Perhaps the most simple process to form diamond CL haloes around chromite inclusions is through Cr and Fe diffusion, although the occurrence and transport of atoms that are larger than carbon in the diamond crystal is particularly difficult. Self-diffusion of carbon occurs on length scales of <1 μm over 1 billion years in the sublithospheric mantle (Koga et al. 2003). Elemental transport of atoms bigger than carbon is expected to occur preferentially via crystal defects such as vacancies or dislocations, since the atoms are too big to fill interstitial or carbon sites in the diamond crystal lattice. Crystal defects are expected to be more common around mineral inclusions and may enhance diffusion rates of elements in the diamond crystal lattice. Chrome and Fe derived from the chromite may therefore have entered the diamond structure via imperfections in the diamond crystal lattice during residence of the diamond at high temperatures in the sublithospheric mantle or during volume expansion of the inclusion during kimberlite ascent before significant cooling to crustal temperatures occurred. We conclude that transmission electron microscopy is needed to study the detailed element distribution within the CL haloes to help determine their origin. Additionally, a micron-scale core to rim study of carbon isotopes is underway to unravel in detail the formation history of diamond #3615 and the source of diamond forming fluids (Wiggers de Vries et al., in preparation).

Conclusions

Understanding the timing of the growth of mineral inclusions within diamonds is critical to our understanding of inclusion-based studies of the environment of diamond growth and geochronology. The technique presented here to study the genetic origin of diamond inclusions combines 3D-CL micron-scale imaging and EBSD to determine the genesis of inclusions in diamonds.

EBSD of diamond #3615 from the Udachnaya kimberlite (Yakutia) quantitatively demonstrates identical orientations between chromite inclusions and the host, and this implies that the chromites and diamond crystallised simultaneously. The chromite inclusions record a systematic change in Mg# and Cr# from core to the rim of the diamond that corresponds with a ~80°C decrease of their formation temperature, and these systematic variations also suggest a syngenetic relationship between the inclusions and the diamond. A detailed study of one of the chromites reveals it has a complex morphology with numerous small faces. The 3D geometry of diamond growth layers adjacent to the chromite is complex and layers grow around and intersect the inclusion. This geometry of the growth layers implies both protogenetic and syngenetic relationships and is interpreted to indicate a change in the relative growth rates of diamond and chromite at the diamond–chromite interface. It is suggested that in the ongoing process of crystallisation, apparent protogenetic features develop in the diamond adjacent to the chromite inclusion when diamond crystallises on chromite crystal faces.
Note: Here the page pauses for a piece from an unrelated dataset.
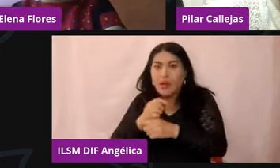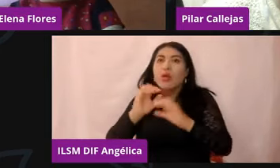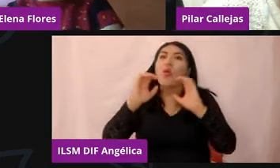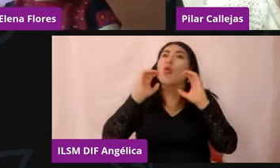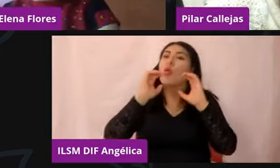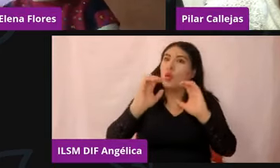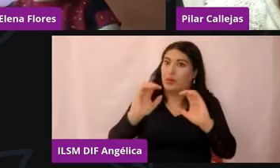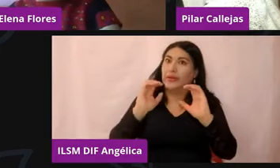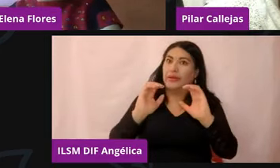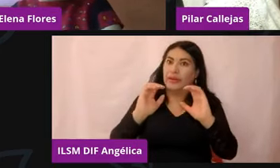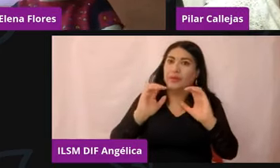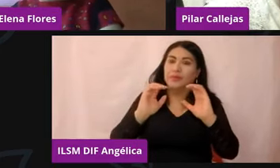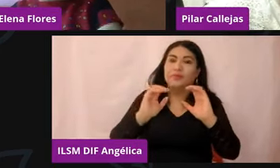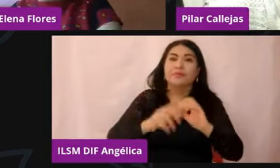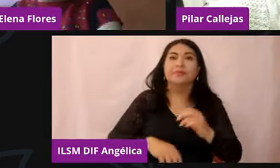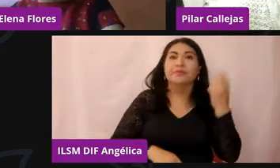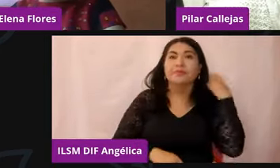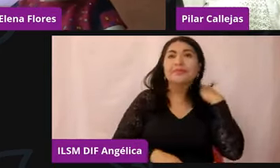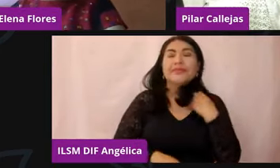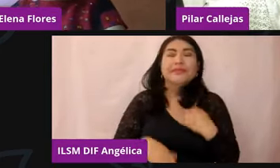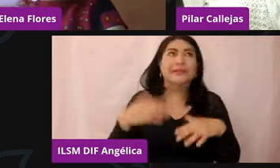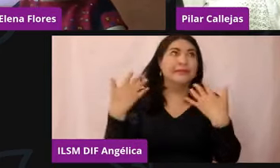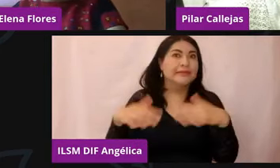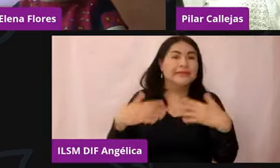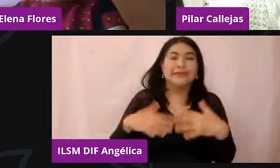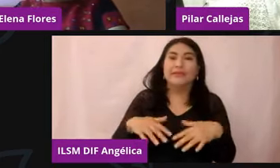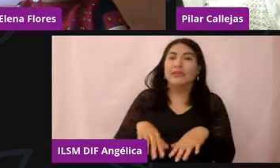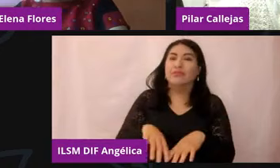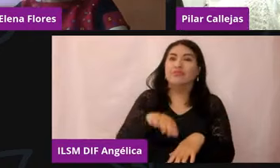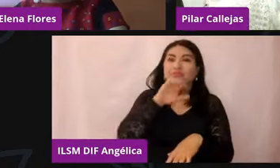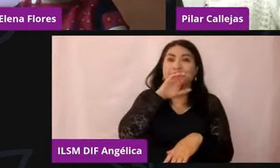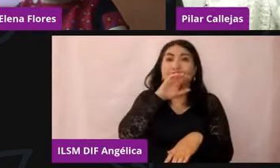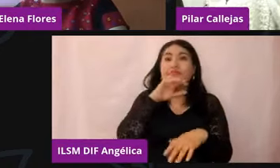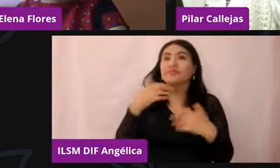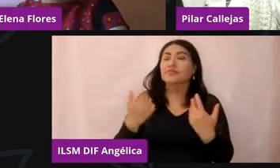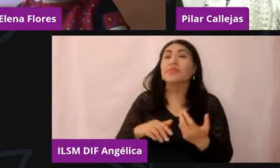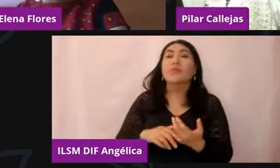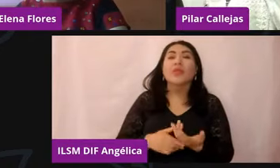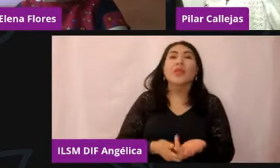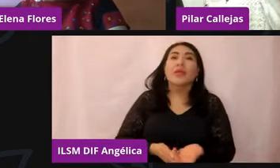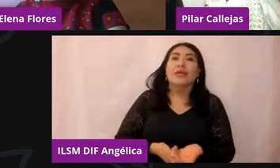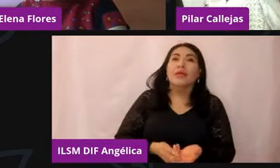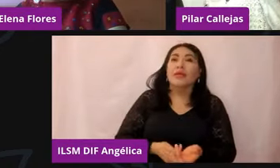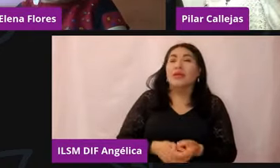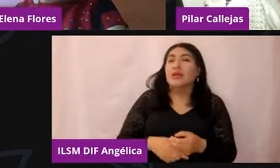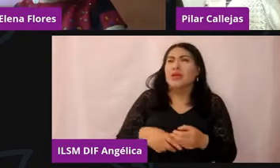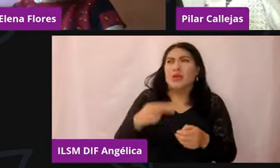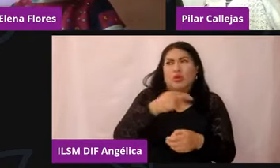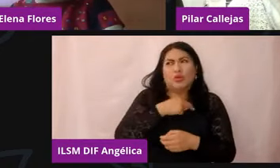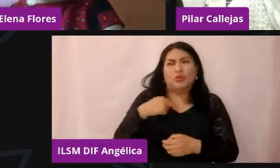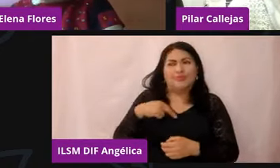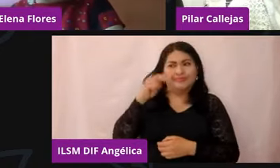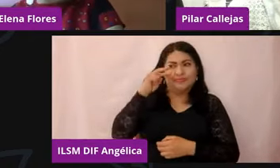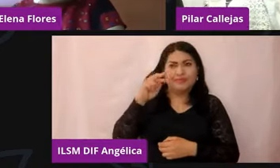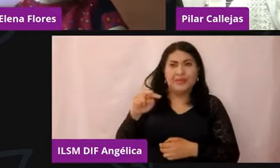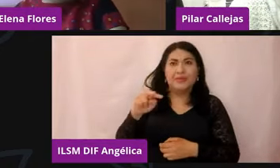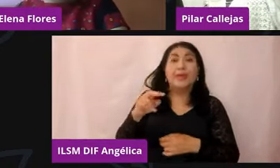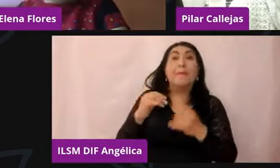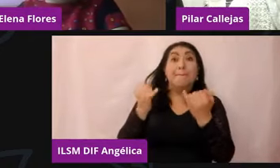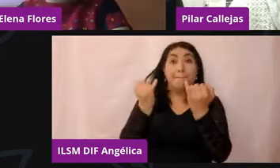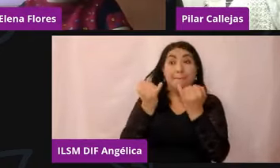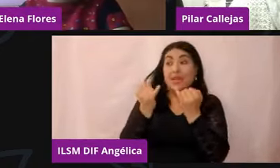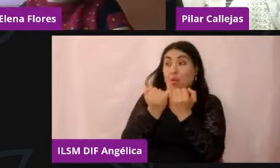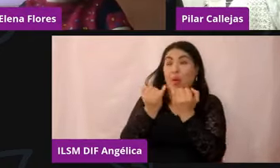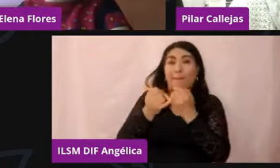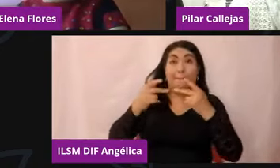Muchas gracias, doctora, qué tremendo, porque además lo que observamos es que el que cuida debe cuidarse, ¿no? Y

The studied chromite is therefore a syngenetic inclusion; however, annealing or recrystallisation of the chromites in the short time span between formation and entrapment by the diamond host cannot be ruled out totally from morphological observations alone.

The non-luminescent diamond CL halo with pointed features that surrounds the studied chromite inclusion is enriched in ~200 ppm Cr and ~80 ppm Fe and occurs across a primary diamond growth structure. The CL halo is therefore not considered a primary growth feature and is interpreted to have formed by diffusion of impurities from the chromite along crystal defects during residence of the diamond in the subcontinental lithospheric mantle or following volume expansion of the chromite inclusion during ascent of the diamond with kimberlite melts. In addition to CL suppression by Cr and Fe impurities, N-poor type II diamond may potentially contribute to the non-luminescent character of the CL halo.

It is concluded that EBSD and 3D-CL micron-scale imaging can contribute to a better understanding of the complex growth histories of diamond and the inter-relations between host diamond and inclusions.